As previously mentioned, the DPP study showed the efficacy of metformin in reducing the progression of type 2 diabetes in women with a history of GDM. To date, it is the largest study demonstrating a pharmacological intervention that effectively reduces diabetes risk in women with a history of GDM. Other drugs have also been tested in small studies, including troglitazone, pioglitazone, and acarbose. Buchanan evaluated the effects of troglitazone and placebo in her 266 Hispanic women with a history of GDM. The study concluded that this treatment significantly reduced the incidence of postnatal type 2 diabetes by approximately 45%. However, troglitazone was discontinued due to hepatotoxicity. In a follow-up observational study in the same population, pioglitazone was administered to 89 women for 3 years. Likewise, it has also been shown to be effective in reducing the rate of progression to type 2 diabetes via insulin-sensitizing effects and maintaining beta-cell function [10]. It is also being studied for diabetes prevention. However, the study population had not been selected for his previous GDM as a risk factor, and instead IGT was the selected inclusion criterion. In this study, 1429 patients were randomly assigned to placebo or acarbose. Results showed a 25% reduction in her risk of progression to type 2 diabetes in the acarbose group.
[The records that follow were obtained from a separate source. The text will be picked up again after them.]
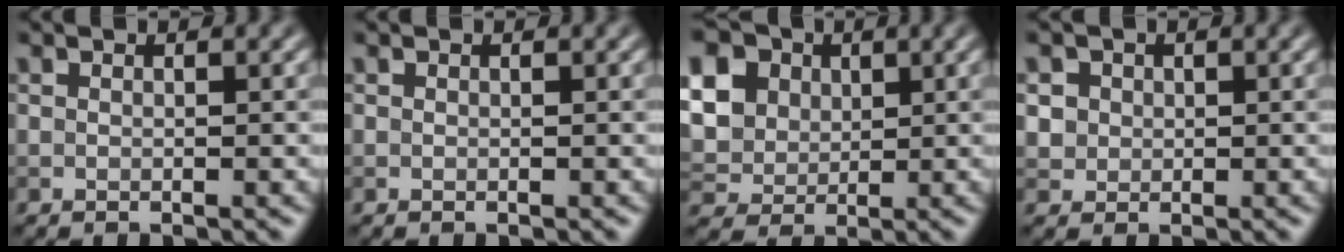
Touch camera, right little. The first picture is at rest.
{"total": 0.0}
{"total": 13.0, "force": [4.8, 10.4, 6.2], "torque": [-0.156, 0.026, 0.086]}
{"total": 2.3, "force": [0.7, 2.1, 0.8], "torque": [-0.013, 0.003, 0.022]}
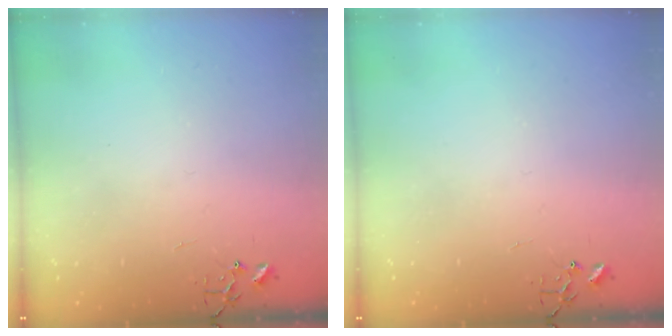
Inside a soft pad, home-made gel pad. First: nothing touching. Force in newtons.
{"total": 0.0}
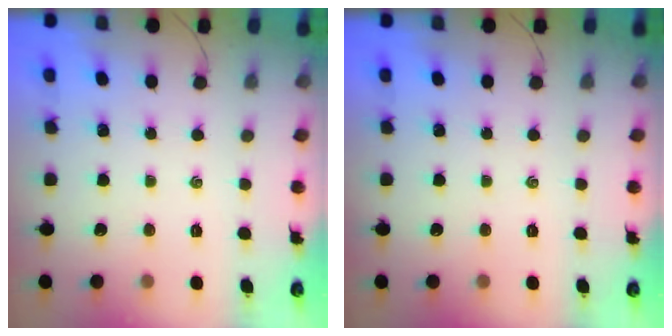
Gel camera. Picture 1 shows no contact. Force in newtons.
{"total": 0.0}
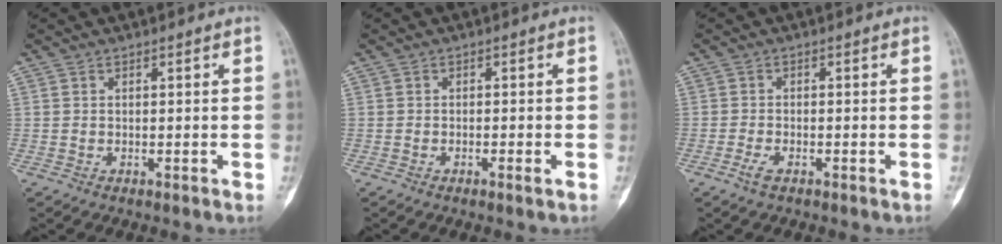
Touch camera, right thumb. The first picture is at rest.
{"total": 0.9, "force": [-0.6, 0.2, 0.7], "torque": [-0.019, 0.003, -0.010]}
{"total": 1.8, "force": [-1.2, 0.8, 1.1], "torque": [-0.030, 0.003, -0.026]}
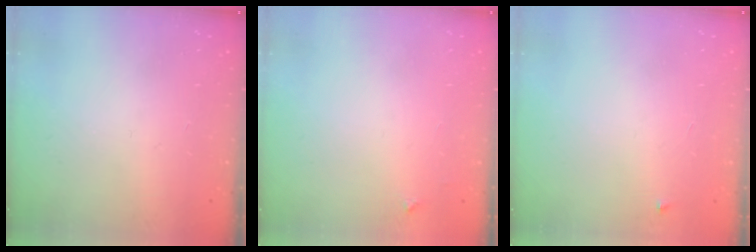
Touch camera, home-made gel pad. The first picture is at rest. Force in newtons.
{"total": 3.3, "press": 3.3, "slide": 0.4}
{"total": 2.5, "press": 2.4, "slide": 0.4}
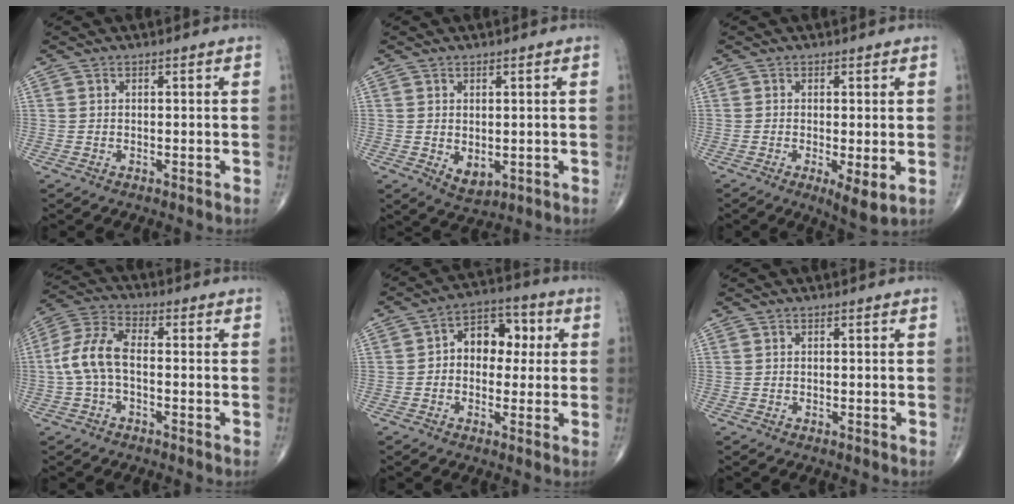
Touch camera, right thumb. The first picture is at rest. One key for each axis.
{"total": 3.6, "fx": -0.3, "fy": 2.3, "fz": 2.8, "tx": -0.037, "ty": -0.007, "tz": 0.009}
{"total": 4.8, "fx": -1.1, "fy": 1.4, "fz": 4.5, "tx": -0.078, "ty": -0.018, "tz": -0.019}
{"total": 8.6, "fx": -1.1, "fy": 4.6, "fz": 7.3, "tx": -0.158, "ty": 0.029, "tz": -0.030}
{"total": 10.0, "fx": 1.2, "fy": 7.1, "fz": 6.9, "tx": -0.063, "ty": 0.027, "tz": 0.010}
{"total": 0.0}
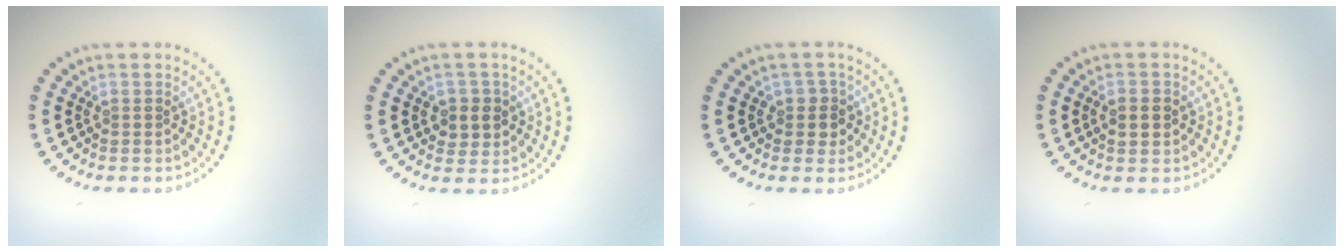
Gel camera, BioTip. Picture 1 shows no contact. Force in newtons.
{"total": 2.7, "press": 2.6, "slide": 0.8}
{"total": 1.9, "press": 1.7, "slide": 0.9}
{"total": 2.4, "press": 2.4, "slide": 0.0}
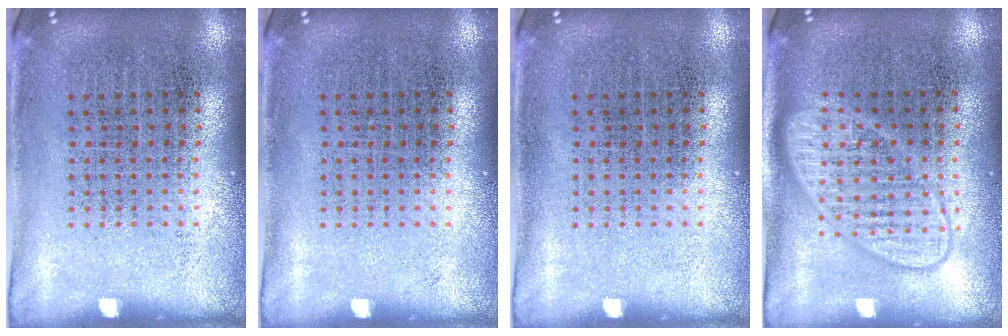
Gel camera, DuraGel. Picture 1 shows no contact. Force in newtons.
{"total": 0.0}
{"total": 0.0}
{"total": 2.4, "press": 2.4, "slide": 0.3}
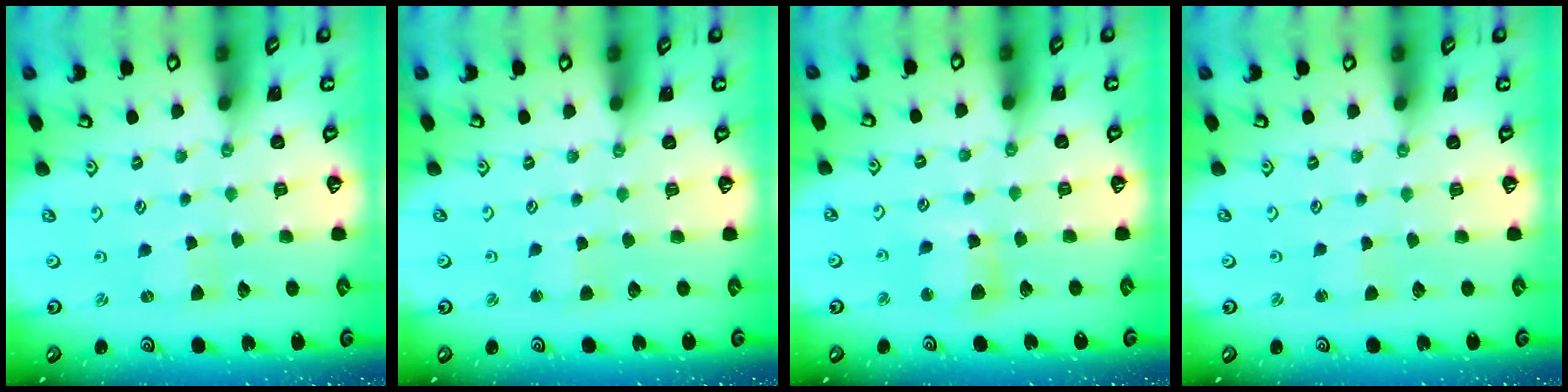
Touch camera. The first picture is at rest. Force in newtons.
{"total": 2.0, "press": 2.0, "slide": 0.3}
{"total": 8.4, "press": 8.3, "slide": 1.3}
{"total": 0.5, "press": 0.5, "slide": 0.0}
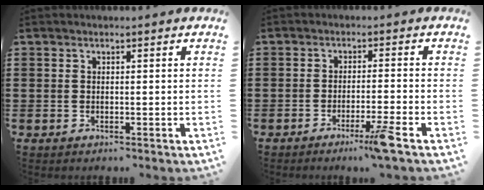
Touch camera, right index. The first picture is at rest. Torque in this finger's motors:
{"motor_torque": [-0.04, -0.08, 0.28, 0.03]}
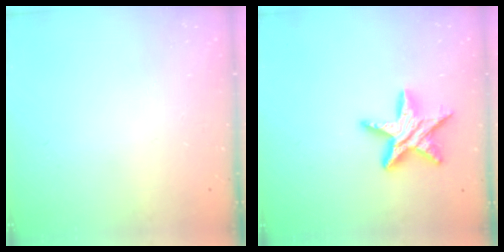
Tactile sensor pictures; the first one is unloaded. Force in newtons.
{"total": 13.1, "press": 13.0, "slide": 0.8}
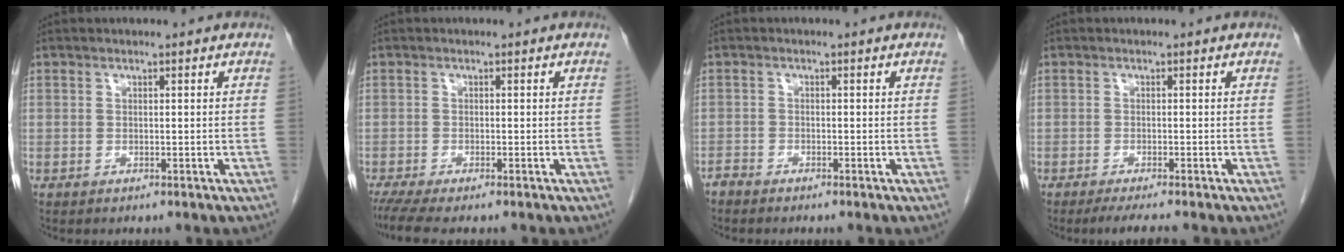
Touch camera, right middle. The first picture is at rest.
{"total": 3.9, "force": [-3.2, 0.1, 2.3], "torque": [-0.042, -0.011, -0.057]}
{"total": 1.1, "force": [-1.1, 0.0, 0.0], "torque": [0.002, -0.002, -0.021]}
{"total": 3.0, "force": [-2.5, -0.4, 1.7], "torque": [-0.031, -0.010, -0.042]}
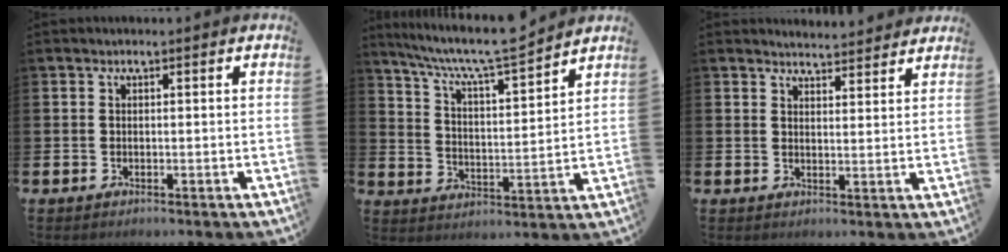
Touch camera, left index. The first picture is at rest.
{"total": 8.6, "force": [8.0, 0.5, 3.1], "torque": [-0.091, -0.057, 0.137]}
{"total": 3.8, "force": [3.8, 0.2, -0.3], "torque": [0.000, -0.024, 0.070]}
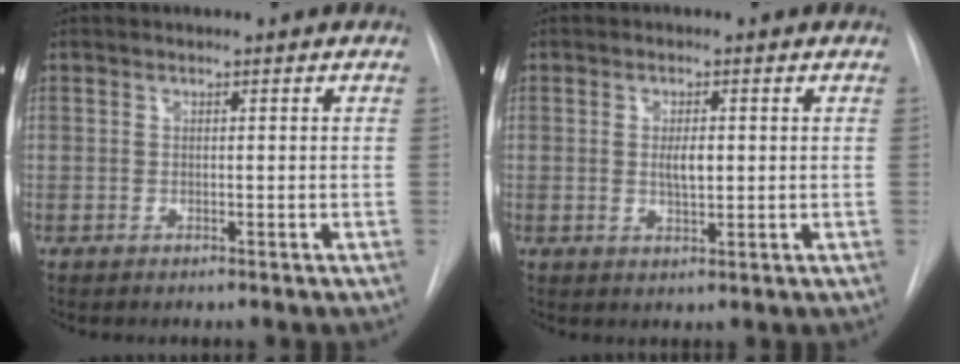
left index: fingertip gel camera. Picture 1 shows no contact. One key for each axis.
{"total": 3.2, "fx": 0.2, "fy": 0.8, "fz": 3.1, "tx": -0.056, "ty": -0.007, "tz": 0.003}
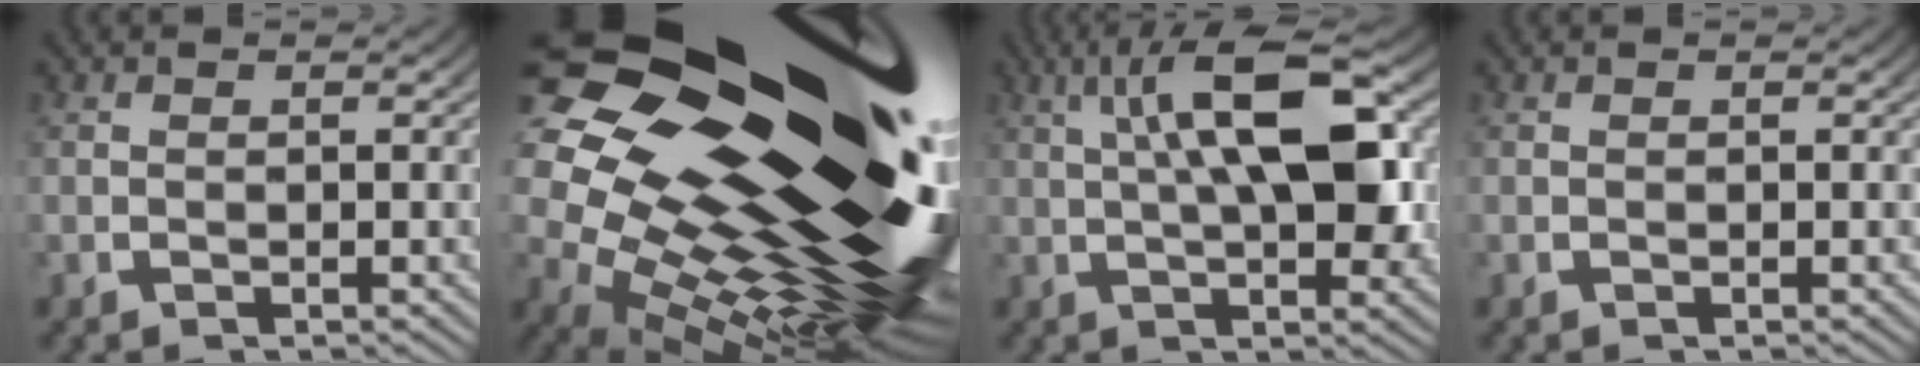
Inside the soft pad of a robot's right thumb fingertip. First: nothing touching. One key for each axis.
{"total": 42.6, "fx": -1.4, "fy": 26.2, "fz": 33.5, "tx": -0.510, "ty": -0.093, "tz": 0.016}
{"total": 10.3, "fx": 2.2, "fy": 4.2, "fz": 9.1, "tx": -0.133, "ty": 0.000, "tz": 0.034}
{"total": 0.0}
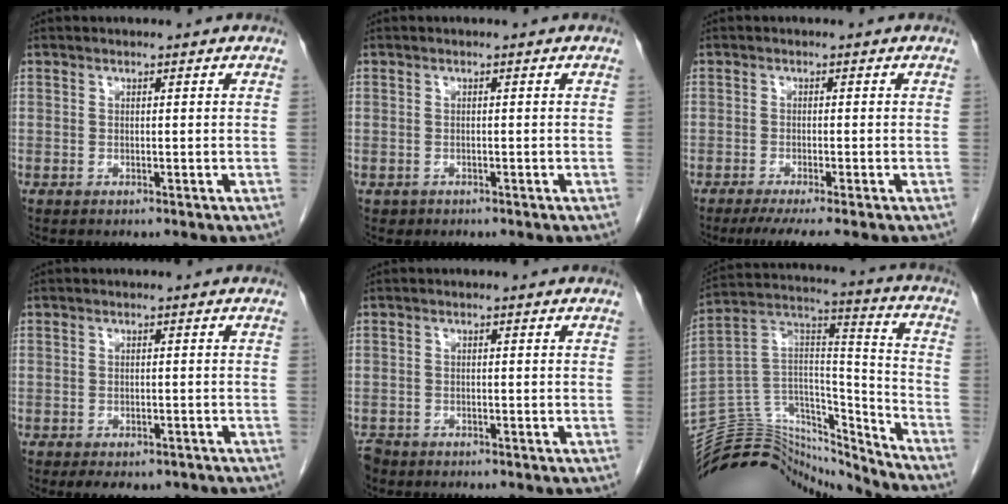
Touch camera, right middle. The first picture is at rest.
{"total": 0.6, "force": [-0.2, 0.5, -0.2], "torque": [-0.005, 0.004, -0.002]}
{"total": 4.8, "force": [-3.8, -0.4, 3.0], "torque": [-0.039, -0.012, -0.061]}
{"total": 6.7, "force": [-5.1, 3.3, 2.8], "torque": [-0.029, 0.004, -0.066]}
{"total": 2.9, "force": [-2.5, 1.4, 0.3], "torque": [-0.010, -0.003, -0.045]}
{"total": 20.4, "force": [-19.5, 5.7, 2.6], "torque": [-0.048, 0.085, -0.317]}
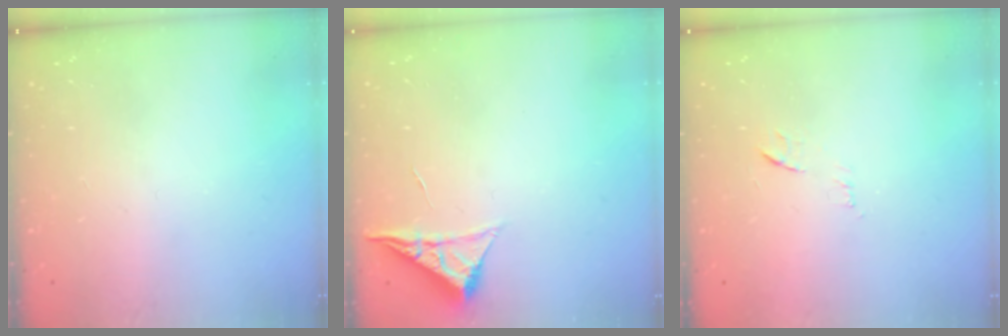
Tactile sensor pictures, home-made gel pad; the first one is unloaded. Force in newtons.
{"total": 4.7, "press": 4.7, "slide": 0.7}
{"total": 8.1, "press": 8.0, "slide": 0.7}
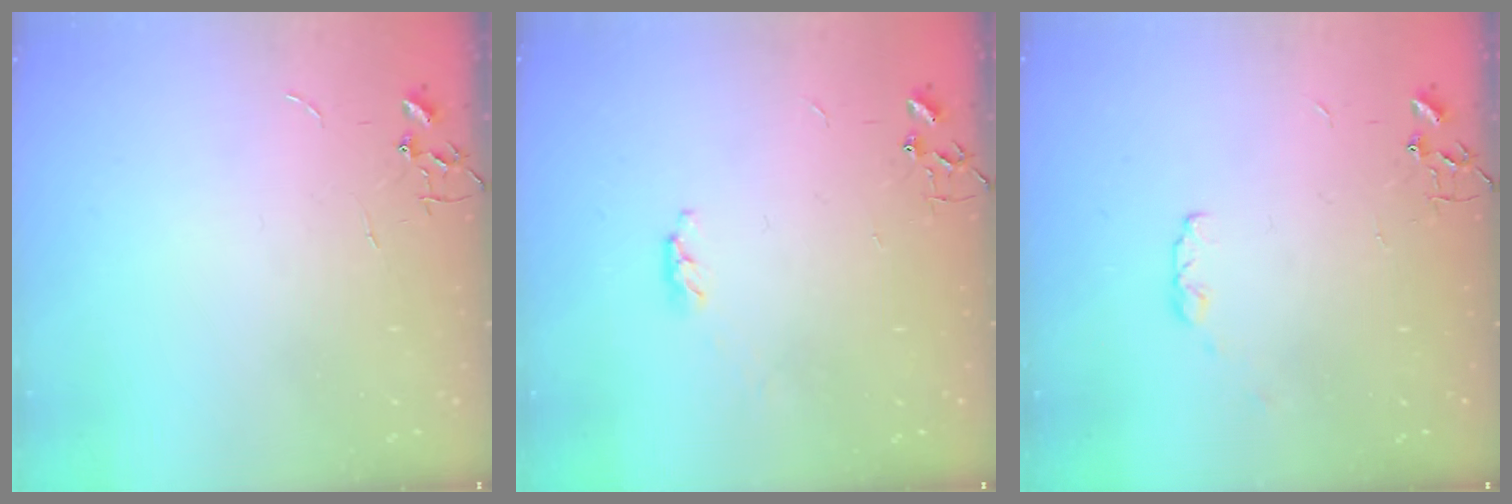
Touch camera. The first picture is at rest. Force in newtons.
{"total": 3.4, "press": 3.4, "slide": 0.4}
{"total": 3.6, "press": 3.6, "slide": 0.5}
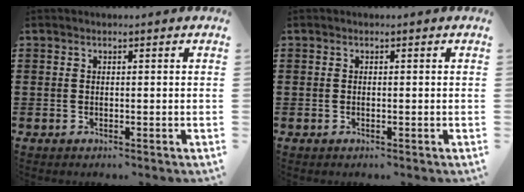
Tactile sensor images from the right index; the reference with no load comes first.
{"total": 0.0}
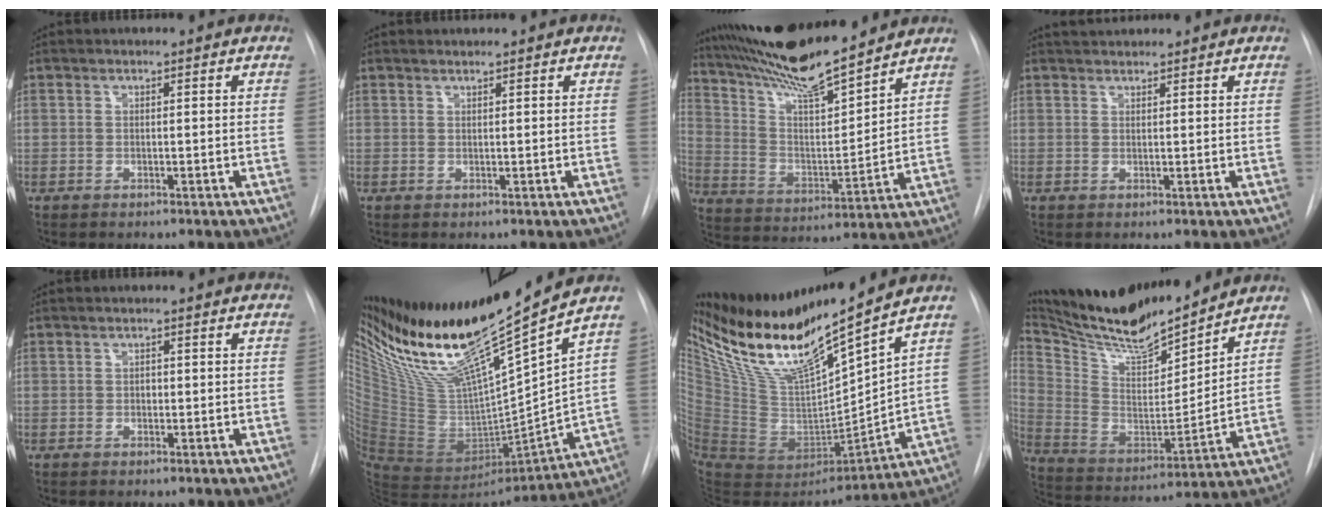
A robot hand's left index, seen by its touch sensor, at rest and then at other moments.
{"total": 1.0, "force": [0.9, -0.1, 0.2], "torque": [-0.007, 0.005, 0.021]}
{"total": 17.6, "force": [15.4, 1.0, 8.4], "torque": [-0.152, -0.005, 0.274]}
{"total": 2.8, "force": [2.7, 0.3, 0.6], "torque": [-0.011, 0.024, 0.048]}
{"total": 0.5, "force": [0.0, 0.4, 0.3], "torque": [-0.004, -0.001, -0.001]}
{"total": 22.9, "force": [18.6, 0.3, 13.4], "torque": [-0.212, -0.016, 0.340]}
{"total": 21.7, "force": [17.2, 1.4, 13.2], "torque": [-0.228, -0.015, 0.327]}
{"total": 19.8, "force": [18.1, 2.7, 7.8], "torque": [-0.156, -0.019, 0.312]}
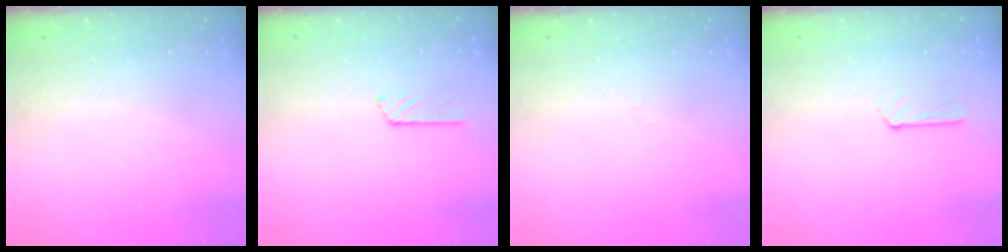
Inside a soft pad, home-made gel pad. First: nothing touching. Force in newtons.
{"total": 3.8, "press": 3.8, "slide": 0.5}
{"total": 2.6, "press": 2.5, "slide": 0.5}
{"total": 2.6, "press": 2.6, "slide": 0.2}

Type 2 diabetes can be reduced in high-risk populations, including women previously diagnosed with GDM. Future studies should focus on this specific population of women with or without IFG or IGT and other concomitant risk factors such as obesity and family history. Appropriate precautions should be encouraged. A comprehensive approach to diabetes prevention should include lifestyle interventions, breastfeeding support, and provision of appropriate pharmacologic treatments. It is most important to continue care and aftercare for the future health of pregnant women and their children, rather than neglecting pregnant women with diabetes after giving birth.